GTN provides firm and interruptible transportation services to third party shippers on a nondiscriminatory basis. Firm transportation services means that the customer has the highest priority rights to ship a quantity of gas between two points for the term of the applicable contract. During 2001, 95.2% of GTN’s available long-term capacity was committed to firm transportation services agreements with terms in excess of one year. At December 31, 2001, 99.6% of GTN’s available long-term capacity was held under long-term firm transportation agreements. The terms of these long-term firm contracts range between one and 24 years, with a volume-weighted average remaining term of approximately 12 years, as of December 31, 2001.

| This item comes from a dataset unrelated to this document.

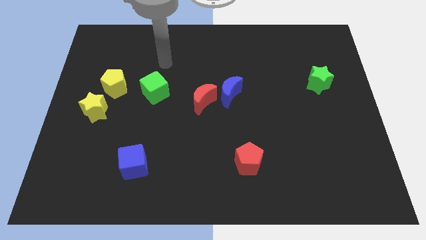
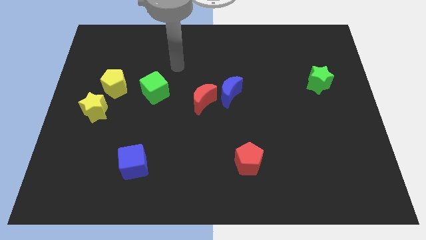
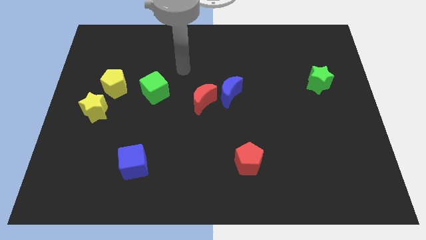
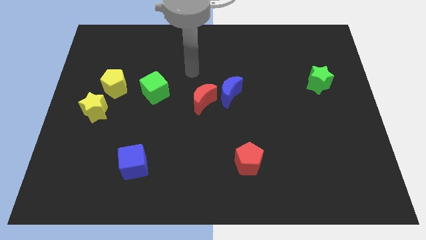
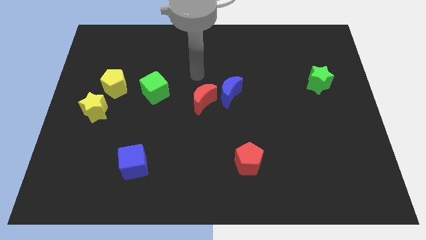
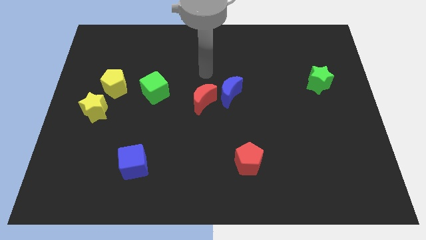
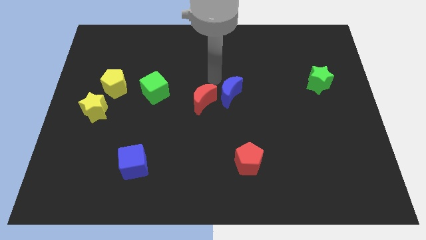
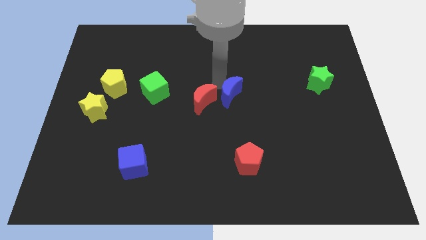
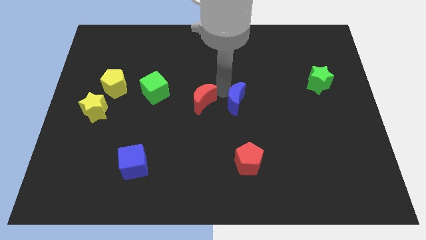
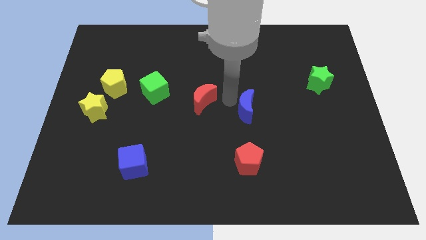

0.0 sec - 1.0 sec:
pull the red moon apart from the blue moon

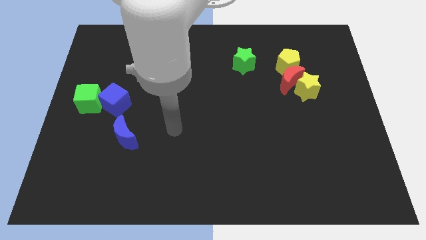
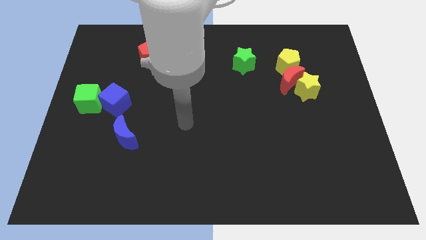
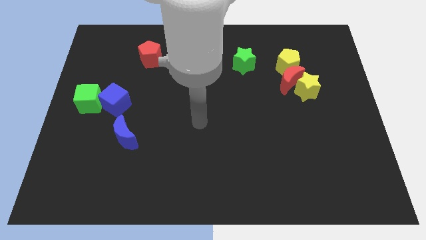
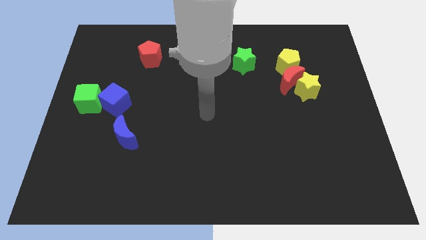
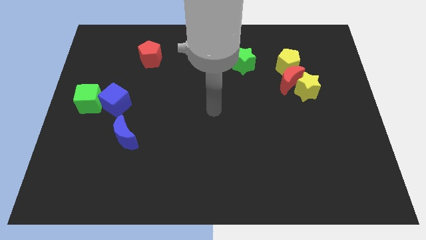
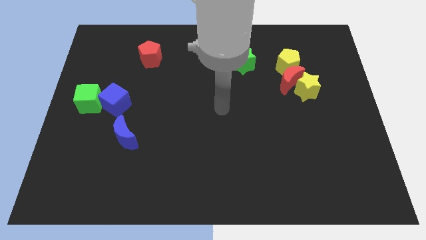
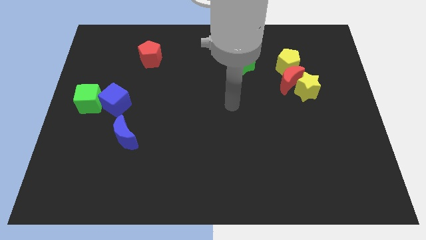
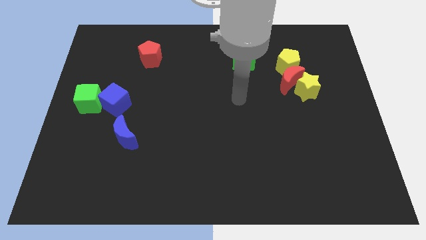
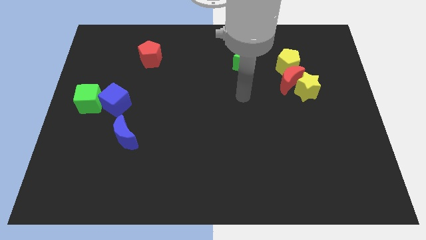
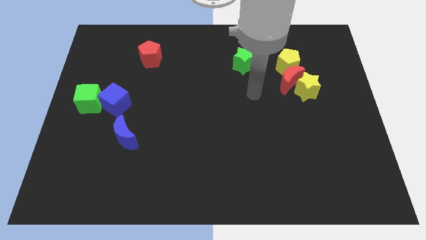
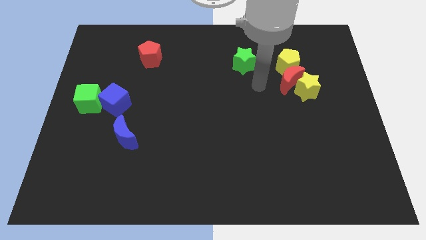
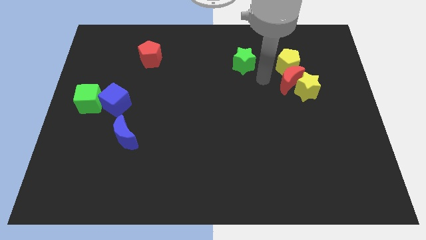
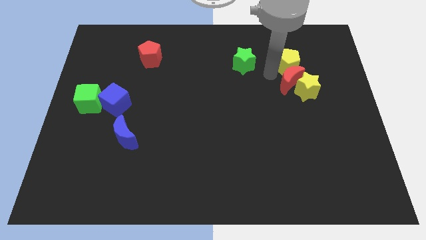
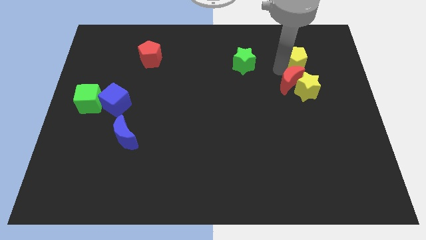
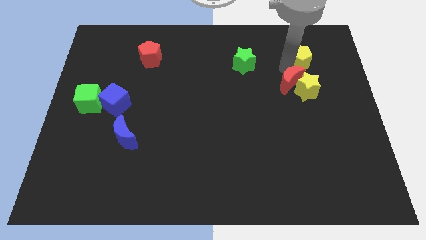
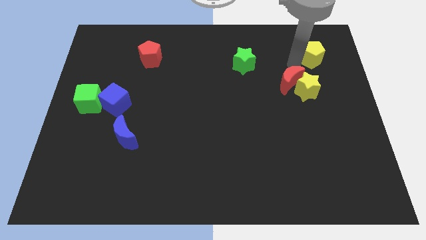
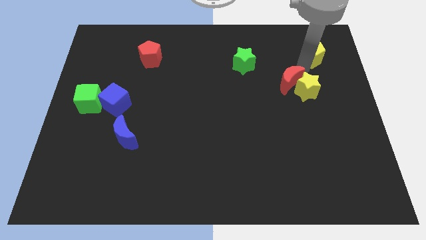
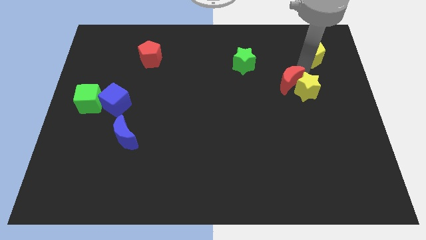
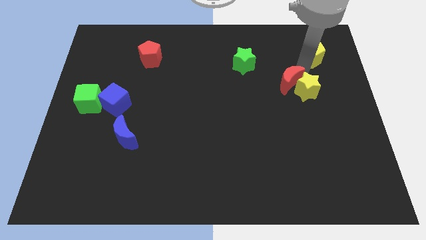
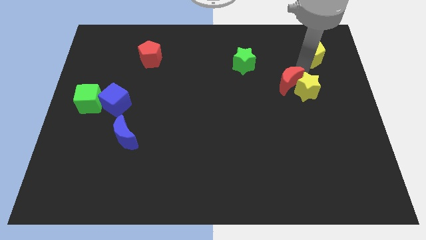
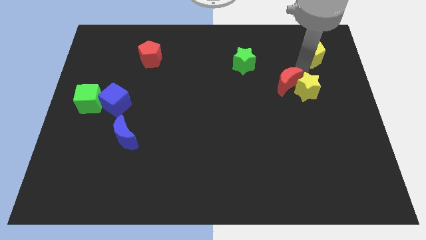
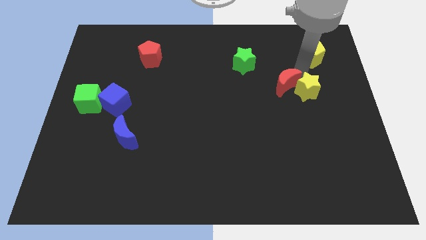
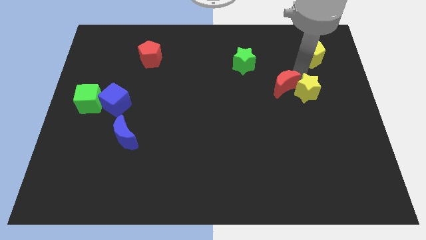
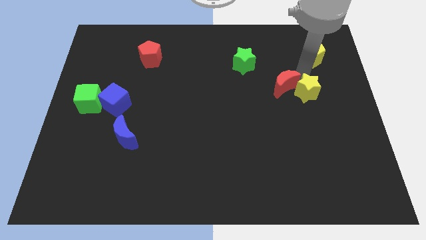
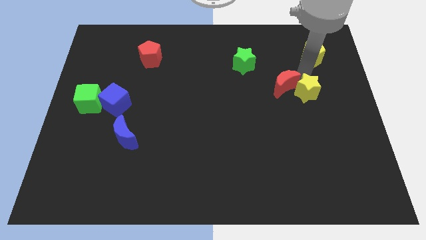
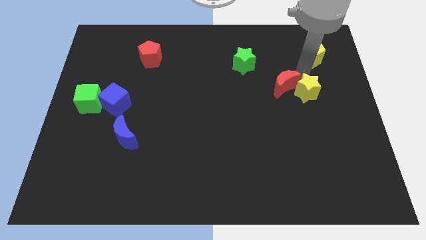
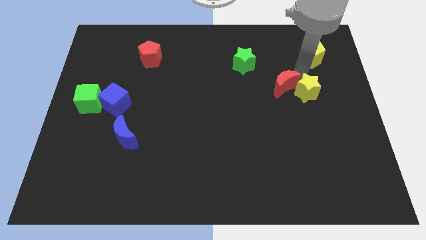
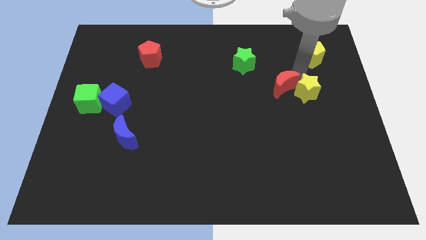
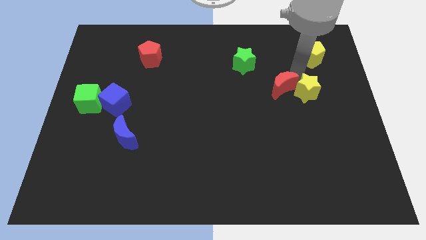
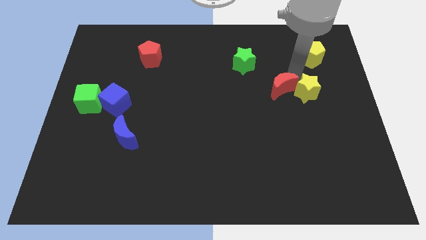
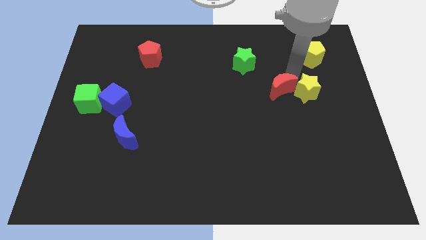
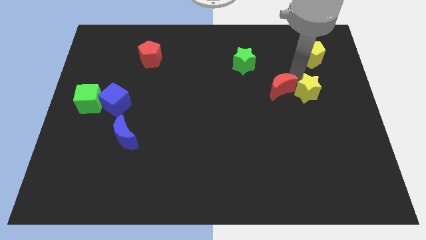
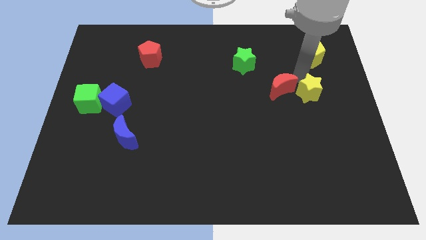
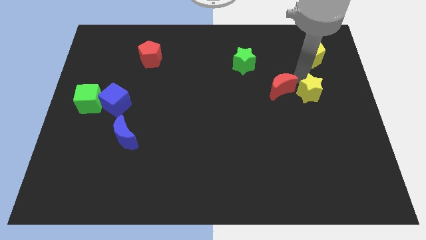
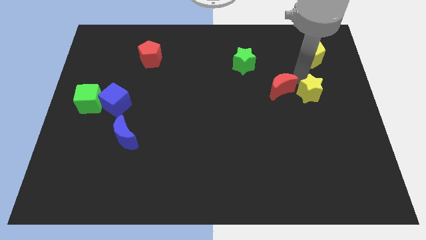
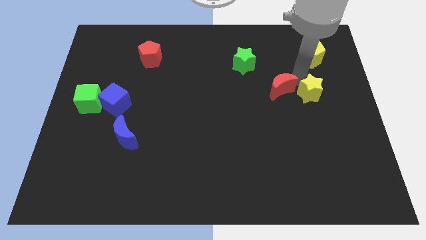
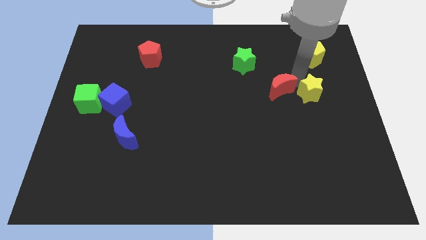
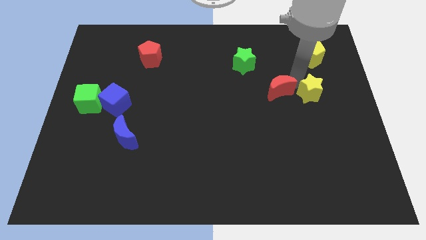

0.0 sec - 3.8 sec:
pull the red moon apart from the yellow star and yellow pentagon

GTN also offers short-term firm and interruptible transportation services plus hub services, which allow customers the ability to park or borrow volumes of gas on its pipeline. If weather, maintenance schedules and other conditions allow, additional firm capacity may become available on a short term basis. GTN provides interruptible transportation service when capacity is available. Interruptible capacity is provided first to shippers offering to pay the maximum rate and, if necessary, allocated on a pro-rata basis to shippers offering to pay the maximum rate. If capacity remains after maximum tariff nominations are fulfilled, GTN allocates discounted and/or negotiated interruptible space on a highest to lowest total revenue basis.

At December 31, 2001, GTN provided transportation services for 88 customers, 44 of which had long-term firm service transportation agreements with GTN. The remaining customers utilize hub services or short-term firm, interruptible or capacity release contracts. Our customers are principally local retail gas distribution utilities, electric generators that utilize natural gas to generate electricity, natural gas marketing companies that purchase and resell natural gas to utilities and end-use customers, and industrial companies. Our customers are responsible for securing their own gas supplies and delivering them to our pipeline system. We transport our customers’ natural gas supplies either to downstream pipelines and distribution companies or directly to points of consumption.

GTN is in the process of completing its 2002 expansion project, which, when completed, will expand the capacity of its system by approximately 217 million cubic feet (“MMcf”) per day. Approximately 40 MMcf per day of that expansion capacity was placed in service in November 2001 and we expect the remaining capacity will be placed in service by the end of 2002. The total cost of the expansion is estimated to be $122 million. GTN has filed an application with the FERC for approval to complete another expansion of approximately 150 MMcf per day of additional capacity, at a cost of approximately $111 million. GTN expects to fund these expansions from cash provided by operations and, to the extent necessary, external financing and capital contributions from NEG. GTN has also initiated a preliminary assessment of a Washington lateral pipeline that would originate at the GTN mainline system near Spokane, Washington and extend west approximately 260 miles into the Seattle/Tacoma metropolitan area.

Iroquois Pipeline

We own a 5.2% interest in the Iroquois Gas Transmission System, an interstate pipeline which extends 375 miles from the U.S.-Canadian border in northern New York through the State of Connecticut to Long Island, New York. This pipeline, which commenced operations in 1991, provides gas transportation service to local gas distribution companies, electric utilities and electric power generators, directly or indirectly through exchanges and interconnecting pipelines, throughout the Northeast.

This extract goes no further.